All that glitters is not plastic. Rachel Clowes, a London-based embroidery and print designer, is developing a new type of sequin for clothing embellishment that biodegrades at the end of its fashion lifetime. She calls them “bio-sequins”.
Sequins are typically made from petroleum-based plastics and PVC — a synthetic plastic polymer that produces persistent toxic and bioaccumulative chemicals known to be carcinogenic and disrupt hormone balance. As a result, the production and use of conventional sequins are polluting and unsustainable: sequins can stay in the environment for hundreds of years, clogging up ecosystems such as oceans, rivers and soils with chemical pollution. “Plastic sequins shimmer for a few hours on the dancefloor, then languish at the back of the wardrobe for a few years, before lying intact in a landfill for a few centuries or more,” Clowes says.
Her interest in “bio-sequins” stems from her master’s project at the London College of Fashion, in which she explored the problem posed by occasion wear languishing unworn for most of its lifetime. “I proposed that keeping something for a long time, but not wearing it, is not sustainable behaviour; it is simply storing waste within the wardrobe,” she says. Through her research, Clowes found that special-event wear has a short life, with sequinned clothing in particular worn only two to three times on average.
To Clowes, this represents wasted resources, energy and labour. As an alternative, she initially developed organic bio-sequins that dissolve in boiling water. “I experimented with different ingredients, ratios and processes until I could produce bright, shiny bio-sequins,” she explains. The dissolving sequins are made from starch, natural dye, water and fruit glycerine; the material has a rigidity and flexibility similar to that of conventional plastic. Once the bio-sequins are dissolved, the fluid can be composted, which returns the nutrients found in the natural dye and fruit glycerine back to the environment.

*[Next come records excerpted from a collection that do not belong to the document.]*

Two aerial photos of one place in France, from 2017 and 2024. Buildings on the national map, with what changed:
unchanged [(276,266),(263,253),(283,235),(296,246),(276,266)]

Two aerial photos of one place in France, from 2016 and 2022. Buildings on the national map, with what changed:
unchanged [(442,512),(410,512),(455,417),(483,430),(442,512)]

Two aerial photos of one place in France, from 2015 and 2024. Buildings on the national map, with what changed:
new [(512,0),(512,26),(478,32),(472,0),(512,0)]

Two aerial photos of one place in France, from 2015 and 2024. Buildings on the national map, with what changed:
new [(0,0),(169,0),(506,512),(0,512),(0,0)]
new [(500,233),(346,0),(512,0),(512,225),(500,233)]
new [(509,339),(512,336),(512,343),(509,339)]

Clowes is now collaborating with Graham Ormondroyd at Bangor University’s BioComposites Centre, in Wales, to develop another range of bio-sequins designed to last the average few wears of occasional fashion before biodegrading. Instead of dissolving in boiling water, these are made from PLA (polylactic acid) and stand up to normal wear and washing before biodegrading at the end of their lifespan. PLA is a biodegradable polymer made from plants; the same material is used to make biodegradable packaging. “When it was first being used, there was a lot of discussion around whether it was taking food away from people, but now you can make PLA from waste products,” says Ormondroyd.
PLA can even be made from bread waste. As it is biodegradable, the bio-sequins break down when exposed to a microbial environment such as compost, but last longer when kept in a less microbe-friendly environment such as a wardrobe. How long the sequins take to break down depends on their thickness and the materials used to give them their colour, but Ormondroyd estimates that they will biodegrade in around six months.

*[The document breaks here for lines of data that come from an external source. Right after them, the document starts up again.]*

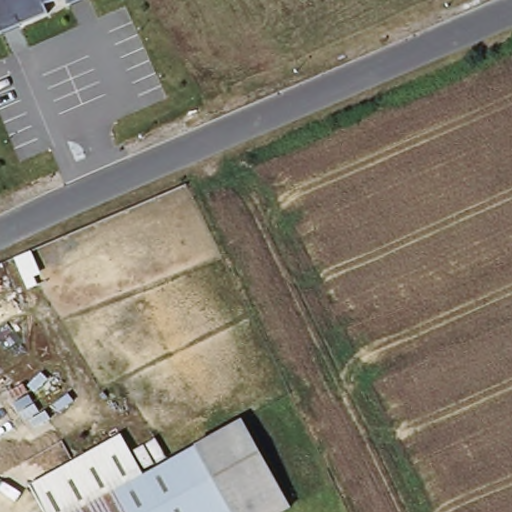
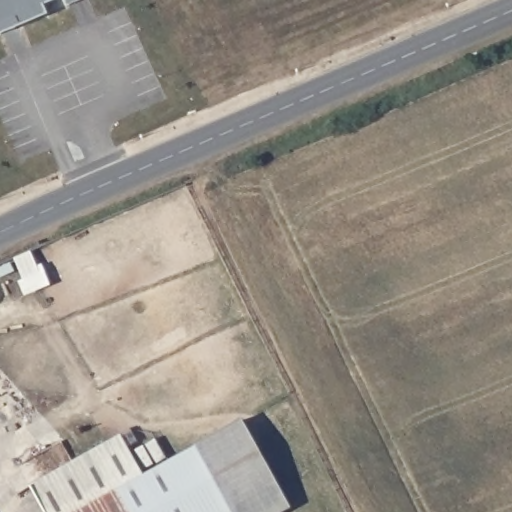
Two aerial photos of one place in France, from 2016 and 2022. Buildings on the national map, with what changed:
unchanged [(47,6),(50,13),(2,32),(0,29),(0,0),(62,0),(47,6)]
unchanged [(289,510),(284,512),(229,512),(194,448),(242,422),(289,510)]
unchanged [(149,473),(118,490),(100,499),(76,512),(44,512),(30,482),(123,430),(149,473)]
unchanged [(118,490),(149,473),(194,448),(229,512),(76,512),(100,499),(118,490)]

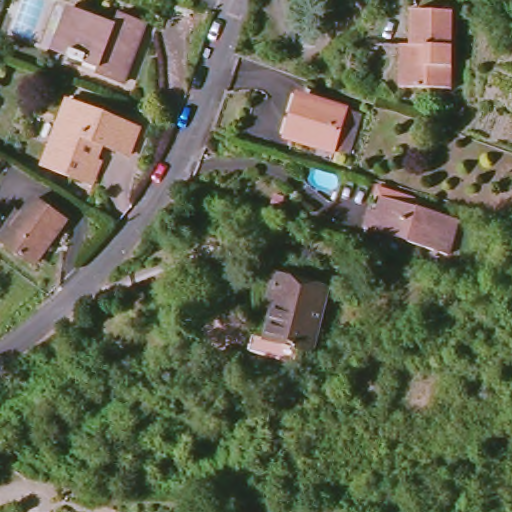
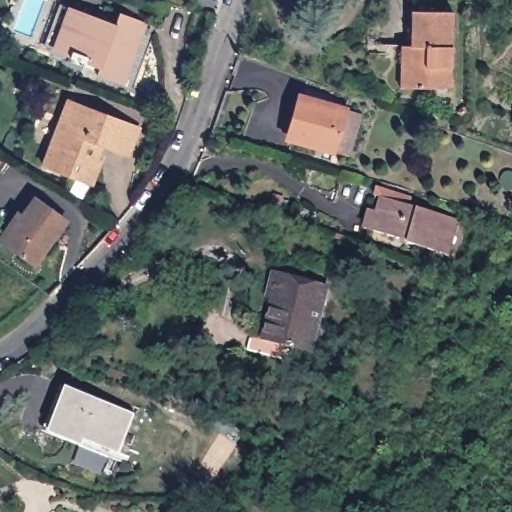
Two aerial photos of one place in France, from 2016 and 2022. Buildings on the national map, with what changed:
unchanged [(97,76),(102,64),(87,58),(85,63),(70,57),(71,52),(60,47),(75,9),(116,25),(120,14),(145,23),(124,86),(97,76)]
unchanged [(443,90),(400,89),(402,47),(412,47),(412,12),(454,13),(452,69),(452,90),(443,90)]
unchanged [(344,152),(330,148),(286,135),(298,93),(342,105),(356,109),(344,152)]
unchanged [(93,185),(82,182),(43,167),(69,102),(140,129),(129,156),(98,144),(91,159),(102,164),(93,185)]
unchanged [(4,174),(0,172),(0,157),(11,164),(4,174)]
unchanged [(410,243),(410,241),(365,229),(370,210),(368,209),(370,202),(375,203),(380,189),(395,194),(394,200),(458,220),(448,255),(410,243)]
unchanged [(4,243),(14,229),(35,199),(67,222),(46,251),(35,265),(4,243)]
unchanged [(248,347),(253,330),(267,333),(278,295),(270,294),(275,270),(328,285),(312,348),(298,344),(294,358),(248,347)]
new [(135,415),(120,453),(116,461),(80,448),(48,435),(48,433),(42,431),(60,385),(67,387),(135,415)]
unchanged [(167,512),(163,512),(163,511),(167,512)]

The main challenge of the project is delivering the sequins’ bright colour and shine. To get the shine in plastic PVC sequins, manufacturers use aluminium, but when the material is refined it causes significant carbon dioxide emissions. Clowes and Ormondroyd aim to find a natural material that is also economically feasible; they are currently looking at using clay, which, as a non-biodegradable material, would leave behind only a coloured residue in compost.
The PLA sequins are currently in the prototype phase, and Clowes hopes to start supplying the fashion industry by the end of 2019. Once the PLA is produced in sheets, the bio-sequins are produced like PVC sequins, with machinery punching out the shapes. Due to this simple manufacturing process, Clowes could potentially make millions of bio-sequins in different shapes: circles, squares, triangles, ovals and teardrops.
By developing an environmentally friendly product, she aims to erase a harmful element of throwaway fashion without affecting the aesthetics. Her bio-sequins sparkle just like conventionally sequined clothing, yet safely disappear once their party is over.